PARIGI — Le proteste universitarie pro-Palestina stanno scuotendo le fondamenta di molte istituzioni accademiche, tra cui la prestigiosa Sciences Po di Parigi. La situazione è stata analizzata dal politologo Gilles Kepel, autore di numerosi saggi sul Medio Oriente e sull’islamismo, che ha espresso preoccupazione per la deriva ideologica che sembra aver preso piede nelle università.
La Caduta di Sciences Po
Kepel, che ha insegnato per trent’anni a Sciences Po, descrive la trasformazione dell’istituto come il risultato di una serie di scelte che, sebbene animate da buone intenzioni, hanno finito per compromettere la qualità dell’istruzione. “È il crollo di un’istituzione fondamentale,” afferma Kepel, “che ha capitolato di fronte all’ideologia woke e ha rinunciato alla trasmissione del sapere.”
Secondo Kepel, uno dei momenti chiave di questo declino risale agli anni di direzione di Richard Descoings, il quale aveva aperto l’accesso a Sciences Po a studenti provenienti dalle periferie. Sebbene Kepel non fosse contrario a questa democratizzazione, ritiene che non sia stata accompagnata da un’adeguata attenzione al mantenimento degli standard accademici.
Problemi di Democratizzazione e Internazionalizzazione
“Democratizzare l’accesso era giusto,” continua Kepel, “ma non si è fatta abbastanza attenzione a mantenere alto il livello degli studenti.” Con la morte di Descoings, la guida dell’istituto è passata a due alti funzionari venuti dall’Ena, che secondo Kepel non avevano la stessa attenzione per la qualità dell’istruzione. “Si è puntato tutto sulla democratizzazione e sulla internazionalizzazione della scuola,” aggiunge, “trascurando il sapere.”
Questa critica si estende anche alla gestione attuale dell’istituto, che, secondo Kepel, ha adottato un approccio simile a quello dei campus americani, favorendo un clima di propaganda e ideologia piuttosto che di confronto argomentato. “Sciences Po è in preda alla propaganda della France Insoumise di Jean-Luc Mélenchon,” sostiene Kepel, evidenziando come questo approccio abbia portato a una distorsione della percezione degli eventi.
Il Confronto con l’11 Settembre
Kepel fa un parallelo tra le reazioni agli attentati dell’11 settembre 2001 e quelle agli eventi del 7 ottobre, che hanno visto una parte dell’Occidente schierarsi con i carnefici piuttosto che con le vittime. “Dopo gli attentati dell’11 settembre,” ricorda Kepel, “l’Occidente reagì compatto.” Oggi, invece, osserva con preoccupazione come una parte dell’Occidente sembri appoggiare chi ha compiuto atrocità.

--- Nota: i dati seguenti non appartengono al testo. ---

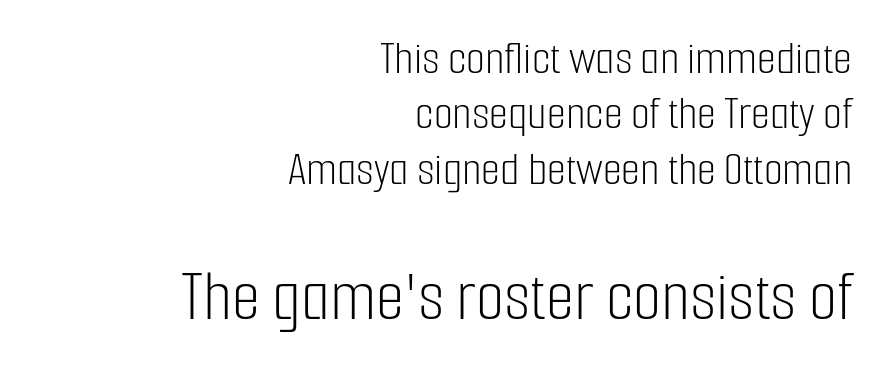
The image shows 73 px light, condensed sans-serif type, upright; set right-aligned, tight line spacing (1.13x), normal letter spacing, not underlined; the second (bottom) block is 1.49x larger; low stroke contrast and a medium x-height.
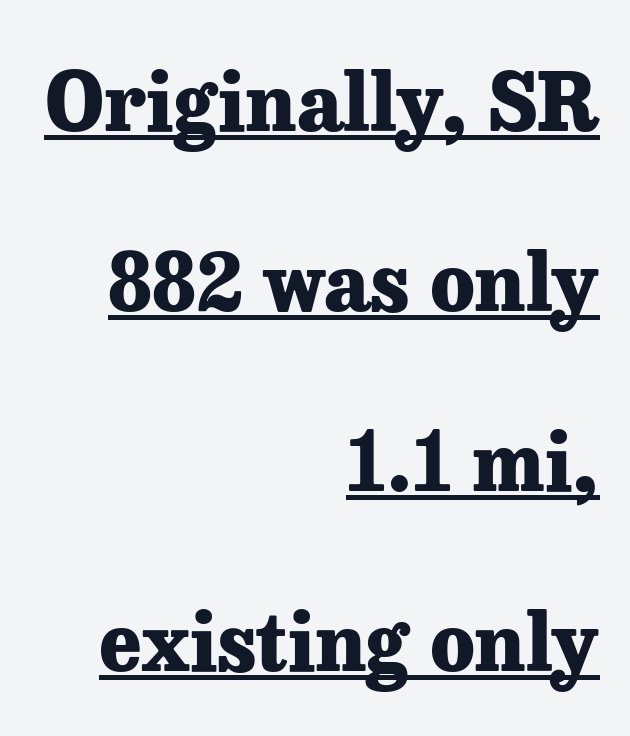
{"serif": "yes", "italic": "no", "bold": "yes", "weight": "heavy", "width": "normal", "stroke_contrast": "low", "x_height": "medium", "monospaced": "no", "underline": "yes", "align": "right", "line_spacing": "loose", "line_spacing_ratio": 2.25, "letter_spacing": "normal", "letter_spacing_em": 0.0, "glyph_px": 80}

“Quando vedo che la guida suprema iraniana Khamenei applaude alle proteste di Parigi,” aggiunge, “penso che abbiamo toccato il fondo.” Questa situazione, secondo Kepel, è sintomatica di un cambiamento radicale negli equilibri globali e nella percezione dei conflitti da parte dell’opinione pubblica occidentale.
Proteste e Ideologia
Le proteste pro-Palestina, secondo Kepel, sono legittime finché denunciano le scelte del premier israeliano Netanyahu che hanno portato alla morte di migliaia di civili palestinesi. Tuttavia, quando queste proteste dimenticano il massacro del 7 ottobre e la situazione degli ostaggi nelle mani di Hamas, diventano meno basate sui fatti e più sull’ideologia.
“Qualche giorno fa davanti a Sciences Po si sono affrontati manifestanti pro-Israele e manifestanti pro-Palestina,” racconta Kepel. L’anfiteatro Boutmy, dove il politologo ha tenuto molte lezioni, è stato ribattezzato anfiteatro Gaza, un segno, secondo lui, del deterioramento del confronto argomentato che dovrebbe caratterizzare un’istituzione universitaria.

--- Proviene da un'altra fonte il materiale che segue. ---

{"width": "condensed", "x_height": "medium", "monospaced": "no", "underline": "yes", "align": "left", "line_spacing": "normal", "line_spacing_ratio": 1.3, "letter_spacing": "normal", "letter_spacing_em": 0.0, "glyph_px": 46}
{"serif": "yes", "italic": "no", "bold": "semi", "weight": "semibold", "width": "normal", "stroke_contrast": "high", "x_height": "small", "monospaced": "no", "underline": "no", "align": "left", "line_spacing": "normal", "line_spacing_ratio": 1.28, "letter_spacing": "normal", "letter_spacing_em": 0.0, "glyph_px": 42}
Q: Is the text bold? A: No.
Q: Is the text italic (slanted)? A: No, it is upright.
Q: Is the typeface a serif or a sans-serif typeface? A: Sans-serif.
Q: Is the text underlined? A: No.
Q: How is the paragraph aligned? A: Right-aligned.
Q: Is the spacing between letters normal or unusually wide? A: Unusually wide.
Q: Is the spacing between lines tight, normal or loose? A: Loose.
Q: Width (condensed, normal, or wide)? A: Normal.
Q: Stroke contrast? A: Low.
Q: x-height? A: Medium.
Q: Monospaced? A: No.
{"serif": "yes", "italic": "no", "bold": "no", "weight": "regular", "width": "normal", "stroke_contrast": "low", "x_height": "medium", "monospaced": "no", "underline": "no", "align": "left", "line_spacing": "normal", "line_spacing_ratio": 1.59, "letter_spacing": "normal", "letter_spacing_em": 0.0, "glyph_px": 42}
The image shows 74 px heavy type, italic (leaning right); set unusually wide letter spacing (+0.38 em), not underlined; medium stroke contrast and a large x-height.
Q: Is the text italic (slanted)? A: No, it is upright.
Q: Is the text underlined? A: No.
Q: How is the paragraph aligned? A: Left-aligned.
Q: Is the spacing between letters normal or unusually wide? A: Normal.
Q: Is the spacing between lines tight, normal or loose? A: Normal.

Il Pericolo del “Jihadismo d’Atmosfera”
In un precedente libro, Kepel ha parlato di “jihadismo d’atmosfera,” un concetto che vede all’opera anche nei giorni nostri. Sebbene non ci siano violenze evidenti, il clima alimentato per anni dai Fratelli musulmani ha, secondo lui, favorito episodi come le uccisioni dei professori Samuel Paty e Dominique Bernard.
“Spero che qualcuno non ne approfitti tornando a collegare Olimpiadi e causa palestinese, come accadde nel 1972 a Monaco,” conclude Kepel, esprimendo il timore che il contesto attuale possa essere sfruttato per fini violenti.